Poucas coisas nas duas frases restaram em pé. A Agência Lupa, especializada em checagem de fatos, corrigiu o dado numérico no mesmo dia. A EBC (Empresa Brasil de Comunicação), que gere a TV Brasil, recebeu, em 2017, R$ 503 milhões em transferências da União, de acordo com o demonstrativo de resultado da empresa.

Dois anos e meio depois, Bolsonaro não extinguiu nem privatizou —ainda— a TV Brasil. Tampouco dá sinais de “confiar na mídia tradicional”. O presidente confia, sim, em uma parcela da mídia que é dócil com o seu governo.

Nesta semana, a TV Brasil estreou uma nova programação. A principal atração, anunciada com destaque, é a exibição da novela “Os Dez Mandamentos”, às 20h30, mesmo horário do Jornal Nacional, da Globo.

Trata-se da primeira das seis novelas bíblicas que a Record vem exibindo desde março de 2015. Projeto prioritário, e bem-sucedido, encontrou um nicho de audiência combinando entretenimento com proselitismo religioso.

Segundo a Record, a saga de Moisés já foi licenciada para 42 países, além de ter ficado disponível por um período na Netflix. Também foi reprisada na própria emissora em 2017 e 2018.

A EBC pagou R$ 3,2 milhões pelo direito de exibir os mais de 200 capítulos da novela até setembro de 2022 —cerca de R$ 13 mil por capítulo. Os dados são públicos.

Como estratégia para elevar a audiência, o negócio da TV Brasil com a Record exprime mais fé do que pragmatismo. Trata-se de uma novela já muito exibida num período recente, o que desaconselharia uma nova reprise neste momento.

Do ponto de vista dos negócios, é impossível não pensar que se trata de uma forma de apoio do governo a uma emissora que tem se mostrado uma aliada fiel.

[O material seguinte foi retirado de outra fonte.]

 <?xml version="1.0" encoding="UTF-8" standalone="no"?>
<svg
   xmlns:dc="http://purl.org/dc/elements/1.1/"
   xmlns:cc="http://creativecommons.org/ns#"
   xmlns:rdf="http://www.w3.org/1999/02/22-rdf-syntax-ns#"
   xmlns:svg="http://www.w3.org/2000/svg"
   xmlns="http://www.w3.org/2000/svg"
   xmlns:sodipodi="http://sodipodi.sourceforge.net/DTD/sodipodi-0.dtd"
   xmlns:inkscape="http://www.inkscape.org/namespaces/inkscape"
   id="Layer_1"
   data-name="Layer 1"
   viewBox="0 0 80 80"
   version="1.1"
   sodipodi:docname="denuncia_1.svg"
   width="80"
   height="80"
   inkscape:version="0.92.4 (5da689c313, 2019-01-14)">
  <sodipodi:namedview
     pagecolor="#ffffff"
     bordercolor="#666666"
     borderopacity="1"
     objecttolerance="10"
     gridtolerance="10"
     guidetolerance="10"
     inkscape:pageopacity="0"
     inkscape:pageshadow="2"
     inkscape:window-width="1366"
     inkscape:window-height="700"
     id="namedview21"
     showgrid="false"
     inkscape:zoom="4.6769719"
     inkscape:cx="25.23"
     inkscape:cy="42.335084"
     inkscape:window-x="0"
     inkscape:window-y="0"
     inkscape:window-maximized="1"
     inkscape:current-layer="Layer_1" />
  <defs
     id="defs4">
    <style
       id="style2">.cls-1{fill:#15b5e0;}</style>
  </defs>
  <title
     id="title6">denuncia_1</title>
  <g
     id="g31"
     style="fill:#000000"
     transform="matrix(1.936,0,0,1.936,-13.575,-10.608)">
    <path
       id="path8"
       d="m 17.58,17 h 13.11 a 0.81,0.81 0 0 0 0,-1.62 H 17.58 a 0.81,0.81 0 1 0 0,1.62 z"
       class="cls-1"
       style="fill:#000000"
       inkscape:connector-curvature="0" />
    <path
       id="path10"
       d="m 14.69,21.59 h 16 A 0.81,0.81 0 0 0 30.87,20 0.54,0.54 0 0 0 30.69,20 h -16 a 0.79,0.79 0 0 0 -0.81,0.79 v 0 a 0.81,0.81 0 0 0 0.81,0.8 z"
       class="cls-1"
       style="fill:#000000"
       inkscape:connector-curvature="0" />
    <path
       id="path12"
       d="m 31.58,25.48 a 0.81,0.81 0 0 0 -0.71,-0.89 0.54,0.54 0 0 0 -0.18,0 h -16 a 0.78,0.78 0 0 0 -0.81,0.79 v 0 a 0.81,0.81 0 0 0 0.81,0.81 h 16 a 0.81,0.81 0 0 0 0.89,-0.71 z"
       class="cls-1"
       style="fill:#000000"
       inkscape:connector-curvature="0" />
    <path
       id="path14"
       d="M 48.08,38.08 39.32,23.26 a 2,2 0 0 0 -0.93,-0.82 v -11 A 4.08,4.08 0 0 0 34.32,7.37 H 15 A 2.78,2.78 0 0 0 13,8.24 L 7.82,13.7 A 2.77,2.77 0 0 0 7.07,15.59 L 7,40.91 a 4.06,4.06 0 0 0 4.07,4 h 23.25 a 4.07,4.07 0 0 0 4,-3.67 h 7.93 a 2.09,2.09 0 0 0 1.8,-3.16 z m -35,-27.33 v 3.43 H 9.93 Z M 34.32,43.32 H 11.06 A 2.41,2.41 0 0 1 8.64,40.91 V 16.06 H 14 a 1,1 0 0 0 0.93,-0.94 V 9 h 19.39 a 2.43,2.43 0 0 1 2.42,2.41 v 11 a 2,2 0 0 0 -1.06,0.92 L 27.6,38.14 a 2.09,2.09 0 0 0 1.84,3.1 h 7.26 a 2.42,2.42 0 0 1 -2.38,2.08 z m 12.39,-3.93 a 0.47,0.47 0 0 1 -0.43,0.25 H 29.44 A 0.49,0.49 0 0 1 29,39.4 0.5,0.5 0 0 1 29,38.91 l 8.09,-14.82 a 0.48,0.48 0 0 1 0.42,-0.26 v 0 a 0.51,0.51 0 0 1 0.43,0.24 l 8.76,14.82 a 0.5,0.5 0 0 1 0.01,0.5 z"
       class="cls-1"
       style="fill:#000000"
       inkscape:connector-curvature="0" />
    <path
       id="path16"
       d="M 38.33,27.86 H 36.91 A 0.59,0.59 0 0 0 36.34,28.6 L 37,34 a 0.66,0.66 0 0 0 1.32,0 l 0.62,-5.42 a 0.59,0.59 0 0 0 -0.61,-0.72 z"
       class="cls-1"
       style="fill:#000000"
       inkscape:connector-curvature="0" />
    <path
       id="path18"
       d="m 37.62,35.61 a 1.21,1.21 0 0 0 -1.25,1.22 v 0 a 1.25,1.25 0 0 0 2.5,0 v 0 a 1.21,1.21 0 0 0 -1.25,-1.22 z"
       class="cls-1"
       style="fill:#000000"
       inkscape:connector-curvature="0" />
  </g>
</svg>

O mais grave, na minha opinião, é quanto a exibição de uma novela bíblica entra em choque com o que se espera de uma TV pública. Assim como o Estado brasileiro é laico, a programação da TV Brasil deveria ser sempre de interesse geral, sem privilegiar os fiéis de uma ou outra religião.

A EBC, por meio de sua gerência de relações institucionais, não concorda. “A novela ‘Os Dez Mandamentos’ não faz referência à religião. Ela é baseada numa história bíblica”, diz.

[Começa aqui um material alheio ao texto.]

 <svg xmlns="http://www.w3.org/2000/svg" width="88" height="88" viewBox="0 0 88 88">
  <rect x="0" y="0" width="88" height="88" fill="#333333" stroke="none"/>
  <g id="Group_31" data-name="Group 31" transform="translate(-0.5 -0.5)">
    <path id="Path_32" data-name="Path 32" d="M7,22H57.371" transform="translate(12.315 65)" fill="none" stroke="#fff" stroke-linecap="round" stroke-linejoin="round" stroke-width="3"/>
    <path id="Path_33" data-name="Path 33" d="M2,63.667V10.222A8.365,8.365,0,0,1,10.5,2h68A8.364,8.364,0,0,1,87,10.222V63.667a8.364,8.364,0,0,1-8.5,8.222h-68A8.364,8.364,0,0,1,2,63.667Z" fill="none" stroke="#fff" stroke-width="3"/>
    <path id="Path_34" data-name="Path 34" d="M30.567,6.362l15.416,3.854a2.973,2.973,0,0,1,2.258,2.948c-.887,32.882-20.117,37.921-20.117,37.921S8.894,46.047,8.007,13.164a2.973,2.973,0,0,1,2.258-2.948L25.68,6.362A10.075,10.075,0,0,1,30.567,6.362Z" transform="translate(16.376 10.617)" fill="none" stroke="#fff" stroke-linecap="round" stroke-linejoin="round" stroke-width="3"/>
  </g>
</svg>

E acrescenta: “A empresa reitera seu compromisso com os princípios legais norteadores da radiodifusão pública brasileira, inclusive a não discriminação religiosa, assegurando obras com finalidades educativas, artísticas, culturais, científicas e informativas buscando maior atenção e competividade na busca do interesse do maior número de telespectadores”.

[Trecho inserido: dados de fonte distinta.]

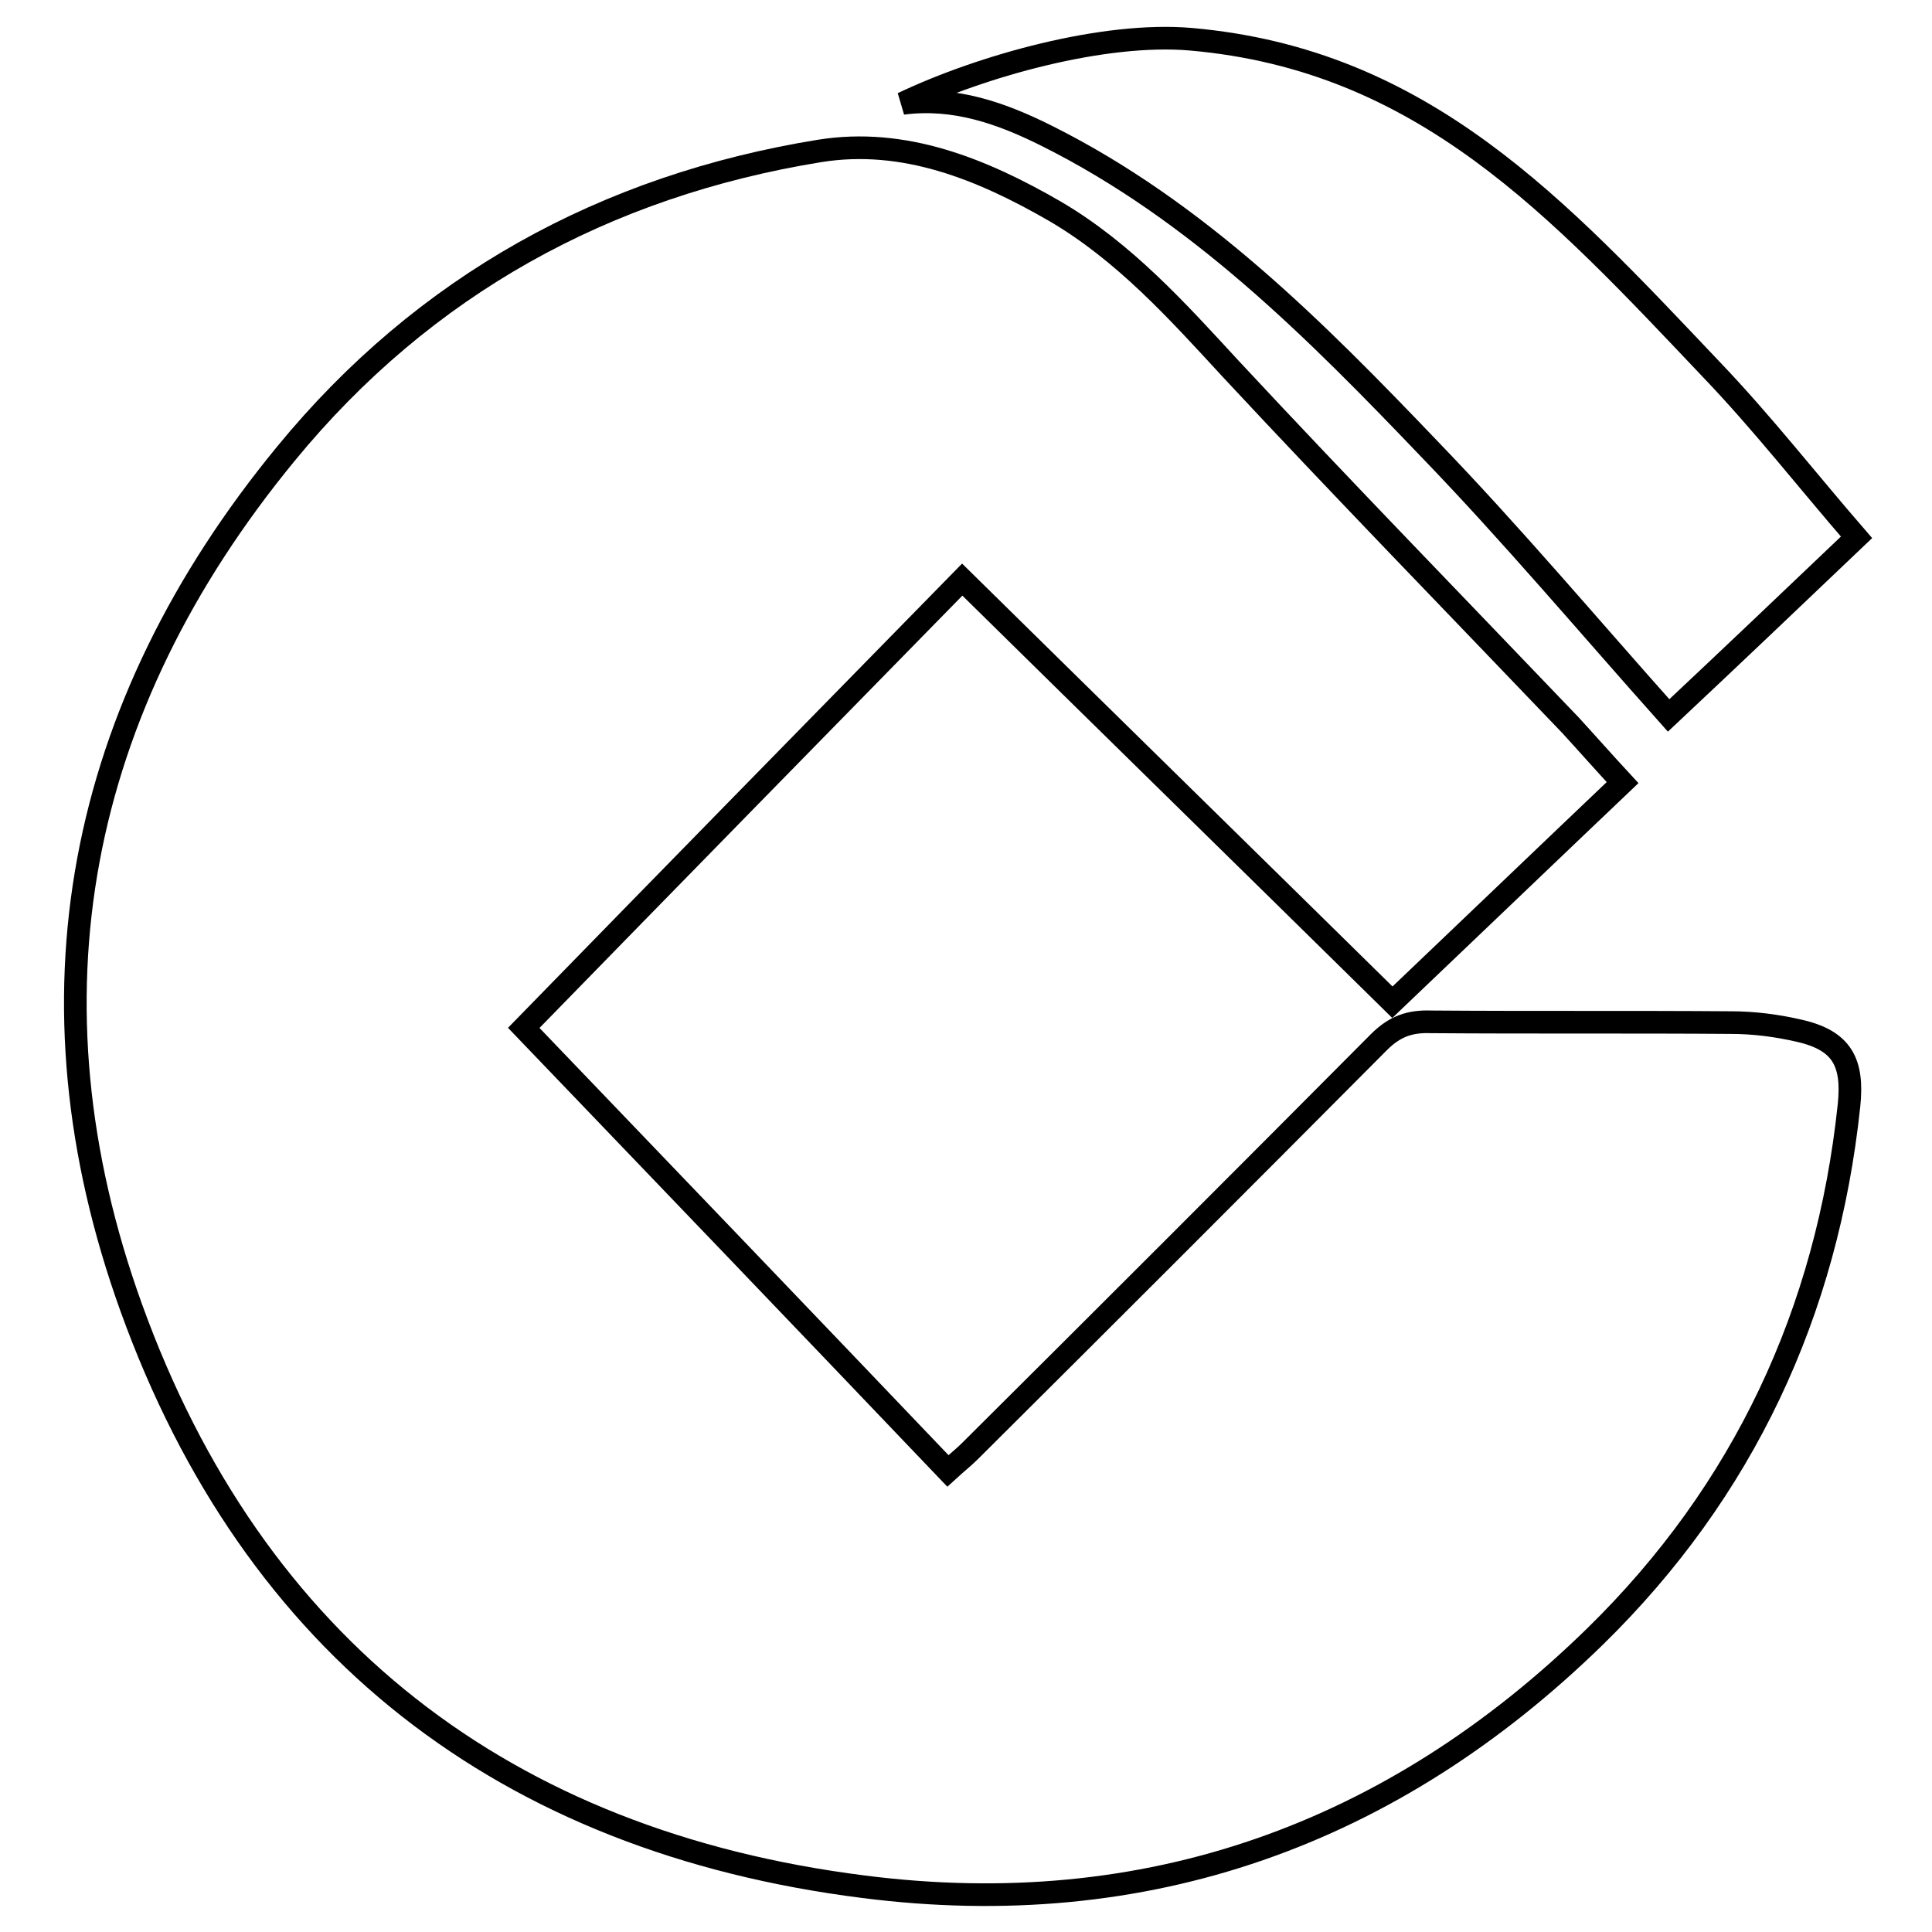 <?xml version="1.0" encoding="utf-8"?>
<!-- Svg Vector Icons : http://www.onlinewebfonts.com/icon -->
<!DOCTYPE svg PUBLIC "-//W3C//DTD SVG 1.1//EN" "http://www.w3.org/Graphics/SVG/1.1/DTD/svg11.dtd">
<svg version="1.1" xmlns="http://www.w3.org/2000/svg" xmlns:xlink="http://www.w3.org/1999/xlink" x="0px" y="0px" viewBox="0 0 256 256" enable-background="new 0 0 256 256" xml:space="preserve">
<g><g><path stroke-width="3" fill-opacity="0" stroke="#000000"  d="M215,103.7c-10.2,9.7-20.1,19.2-30.5,29.1c-18.9-18.6-37.7-37-57-56c-19.4,19.8-38.6,39.4-58.1,59.4c18.9,19.7,37.5,39.1,56.2,58.7c1.2-1.1,2.1-1.8,2.9-2.6c18.1-18,36.2-36.1,54.2-54.2c2.1-2.1,4.1-2.8,6.9-2.7c13.3,0.1,26.6,0,39.8,0.1c3,0,6.1,0.4,9.1,1.1c5.6,1.3,7.1,4.2,6.5,9.9c-2.9,27.4-14,51.1-33.6,70.3c-26.9,26.3-59.5,38-97,33.2c-47.5-6-80.8-31.8-97-76.7C2.6,132.3,10.2,93.8,37.9,60.1C56.2,37.8,80.2,24.6,108.6,20c11.2-1.8,21.5,2.4,31.2,8c9.2,5.4,16.2,13.2,23.3,20.9c14.8,15.9,30,31.5,45,47.2C210.3,98.5,212.5,101,215,103.7z"/><path stroke-width="3" fill-opacity="0" stroke="#000000"  d="M221.1,94.8c-10.7-12-20.8-24-31.6-35.2c-15.2-15.9-30.8-31.6-50.8-41.6c-6-3-12.2-5.2-19.1-4.3c10.5-5,26.7-9.5,38.2-8.5c30.8,2.7,48.6,22.3,69,43.8c6.7,7,12.7,14.7,19.2,22.2C237.4,79.4,229.3,87.1,221.1,94.8z"/></g></g>
</svg>

Em setembro de 2020, três meses após assumir o comando do Ministério das Comunicações, Fabio Faria (PSD-RN) negou, em entrevista ao UOL, que o governo tivesse a intenção de privatizar a EBC.

“A EBC, diferentemente dos Correios, é deficitária. Provavelmente, se a gente abrir um processo de privatização da EBC, seria um deserto. É uma empresa que se fosse privada daria mais de R$ 500 milhões de prejuízo”, disse

Agora em março de 2021, três semanas antes da estreia de “Os Dez Mandamentos” na TV Brasil, o governo aprovou a inclusão da Eletrobras e da EBC no Plano Nacional de Desestatização.